President Warren Harding reportedly kept a bar at the White House stocked for regular poker nights.
Americans don't like Prohibition so drinks start to flow again
Although drinking and deaths from cirrhosis and alcoholism fell across America, violent black-market trafficking fueled a shift in public attitudes about Prohibition beginning in the 1920s. As President Herbert Hoover left a World Series game in Philadelphia, chants of “We want beer!” followed him off the field.
“Perhaps Philadelphia is tired of whiskey and gin,” wrote a newspaper columnist.
By the time Franklin Roosevelt was elected president, the country was ready to end its experiment, and the 18th Amendment was repealed in 1933. Light wines returned to state dinners.
As the Cold War bloomed after World War II, the White House fell into its own pitched battle − over wine allegiances. Dwight Eisenhower secretly swapped in American vintages to unsuspecting guests who thought they were drinking European varieties. The cosmopolitan Kennedys searched out the best European labels and began the tradition of three wine services (white, red and champagne) at state dinners.
President Lyndon Johnson reverted to American varieties. But President Richard Nixon reinstated continental wines (though he brought along a Napa Valley sparkling wine for a toast during his historic 1972 visit to China).
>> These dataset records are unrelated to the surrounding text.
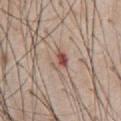anatomic site: the abdomen | illumination: white-light | image: ~15 mm tile from a whole-body skin photo | subject: male, roughly 60 years of age | automated lesion analysis: a lesion area of about 4 mm²; a nevus-likeness score of about 10/100.
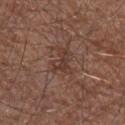workup: no biopsy performed (imaged during a skin exam)
patient: male, in their mid- to late 60s
lighting: white-light
size: ~3 mm (longest diameter)
imaging modality: total-body-photography crop, ~15 mm field of view
location: the left forearm
automated metrics: lesion-presence confidence of about 95/100
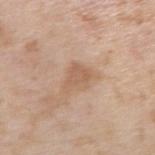Assessment: Imaged during a routine full-body skin examination; the lesion was not biopsied and no histopathology is available. Clinical summary: The lesion is located on the right upper arm. A roughly 15 mm field-of-view crop from a total-body skin photograph. This is a white-light tile. The patient is a male aged 43–47. Longest diameter approximately 3.5 mm. Automated tile analysis of the lesion measured an area of roughly 6.5 mm², an outline eccentricity of about 0.65 (0 = round, 1 = elongated), and two-axis asymmetry of about 0.35. The analysis additionally found an average lesion color of about L≈60 a*≈18 b*≈32 (CIELAB), about 8 CIELAB-L* units darker than the surrounding skin, and a normalized border contrast of about 5.5. It also reported a nevus-likeness score of about 0/100 and a lesion-detection confidence of about 100/100.
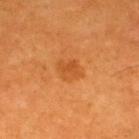Q: Is there a histopathology result?
A: no biopsy performed (imaged during a skin exam)
Q: Lesion location?
A: the back
Q: What is the lesion's diameter?
A: about 3 mm
Q: What is the imaging modality?
A: total-body-photography crop, ~15 mm field of view
Q: What are the patient's age and sex?
A: male, aged 58–62
Q: How was the tile lit?
A: cross-polarized illumination
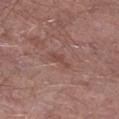Case summary:
• notes · no biopsy performed (imaged during a skin exam)
• tile lighting · white-light
• subject · male, aged 68 to 72
• location · the leg
• image source · total-body-photography crop, ~15 mm field of view
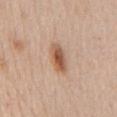notes: total-body-photography surveillance lesion; no biopsy.
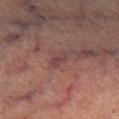Clinical impression:
Part of a total-body skin-imaging series; this lesion was reviewed on a skin check and was not flagged for biopsy.
Clinical summary:
The lesion's longest dimension is about 2.5 mm. This image is a 15 mm lesion crop taken from a total-body photograph. This is a cross-polarized tile. The lesion is located on the right lower leg. A male subject, approximately 75 years of age.
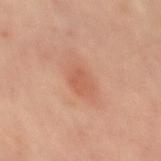biopsy_status: not biopsied; imaged during a skin examination
lighting: cross-polarized
patient:
  sex: male
  age_approx: 50
site: mid back
lesion_size:
  long_diameter_mm_approx: 4.5
image:
  source: total-body photography crop
  field_of_view_mm: 15
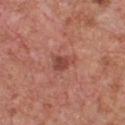Impression: Imaged during a routine full-body skin examination; the lesion was not biopsied and no histopathology is available. Image and clinical context: On the chest. A male subject aged around 65. Cropped from a whole-body photographic skin survey; the tile spans about 15 mm.
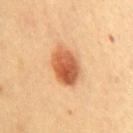{"biopsy_status": "not biopsied; imaged during a skin examination", "site": "chest", "patient": {"sex": "female", "age_approx": 65}, "lesion_size": {"long_diameter_mm_approx": 5.0}, "lighting": "cross-polarized", "image": {"source": "total-body photography crop", "field_of_view_mm": 15}}
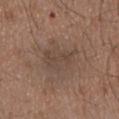follow-up — catalogued during a skin exam; not biopsied | anatomic site — the abdomen | image source — ~15 mm crop, total-body skin-cancer survey | subject — male, aged 73–77.
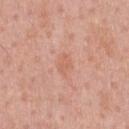Clinical impression: No biopsy was performed on this lesion — it was imaged during a full skin examination and was not determined to be concerning. Acquisition and patient details: A male patient aged 58–62. Imaged with white-light lighting. The lesion is located on the front of the torso. Cropped from a total-body skin-imaging series; the visible field is about 15 mm.
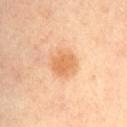biopsy status = total-body-photography surveillance lesion; no biopsy | image-analysis metrics = a peripheral color-asymmetry measure near 1 | acquisition = ~15 mm tile from a whole-body skin photo | diameter = about 3.5 mm | body site = the lower back | patient = male, aged 58–62.
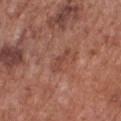notes: catalogued during a skin exam; not biopsied
location: the chest
illumination: white-light
image: total-body-photography crop, ~15 mm field of view
subject: male, roughly 75 years of age
size: ~3 mm (longest diameter)
TBP lesion metrics: a footprint of about 2.5 mm² and an outline eccentricity of about 0.95 (0 = round, 1 = elongated); a mean CIELAB color near L≈45 a*≈24 b*≈28; border irregularity of about 5.5 on a 0–10 scale, internal color variation of about 0 on a 0–10 scale, and a peripheral color-asymmetry measure near 0
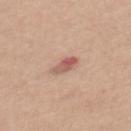biopsy_status: not biopsied; imaged during a skin examination
lighting: white-light
patient:
  sex: female
  age_approx: 35
site: back
image:
  source: total-body photography crop
  field_of_view_mm: 15
lesion_size:
  long_diameter_mm_approx: 3.0
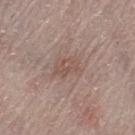The lesion was photographed on a routine skin check and not biopsied; there is no pathology result. A lesion tile, about 15 mm wide, cut from a 3D total-body photograph. The total-body-photography lesion software estimated a lesion–skin lightness drop of about 6 and a normalized lesion–skin contrast near 5. The software also gave a classifier nevus-likeness of about 0/100 and a detector confidence of about 100 out of 100 that the crop contains a lesion. The lesion is located on the left thigh. The recorded lesion diameter is about 3.5 mm. Imaged with white-light lighting. The patient is a female aged around 65.
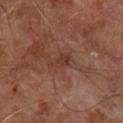follow-up: total-body-photography surveillance lesion; no biopsy | illumination: cross-polarized illumination | anatomic site: the right forearm | image: total-body-photography crop, ~15 mm field of view | patient: male, aged around 70 | diameter: ~3 mm (longest diameter).

The White House wine war ended as a victory for the Americans, as Nixon was the last president to serve European wine at official dinners.
Although Ronald Reagan used lower-level ceremonies to finish off the European labels stocked by his predecessors, and Barack Obama served the first Chinese wine at a state dinner when President Xi Jinping visited (paired with an Oregon label), the modern White House has kept its focus on American vintages.
Obama becomes first president to brew beer in the White House
The Obama years brought another alcoholic first. In 2011 President Obama bought a home brewing kit, becoming the first chief executive to brew beer at the White House. “Beer really captures the spirit of coming together, of sitting down, of sharing human moments, friendship moments, bonding moments,” says Sam Kass, an Obama aide and chef who was part of the project.
To foster that kind of informality, Obama hosted a "beer summit" to break the ice when he sat down – under a magnolia tree near the Oval Office – with Harvard professor Henry Louis Gates Jr. and the police officer who had arrested Gates while investigating a report of a break-in at the professor's home.
Like many Americans, a number of presidents have struggled or been marked by trials with alcohol. Presidents Grover Cleveland, LBJ and Nixon reportedly drank to excess at times during their terms. George W. Bush and Ulysses Grant overcame their drinking habits by the time they reached the White House. Presidents Donald Trump and Joe Biden watched family members suffer from alcoholism. Both are teetotalers.
The simple sharing of any beverage can weaken suspicions and build connections, both personal and political. Unless Prohibition ever returns, alcohol will remain a part of life at the White House – be it dinner wine, punch at a reception, a quiet beer among adversaries or a carefully worded champagne toast to a foreign leader.
Stewart D. McLaurin is president of the White House Historical Association, a private nonprofit, nonpartisan organization founded by first lady Jacqueline Kennedy in 1961.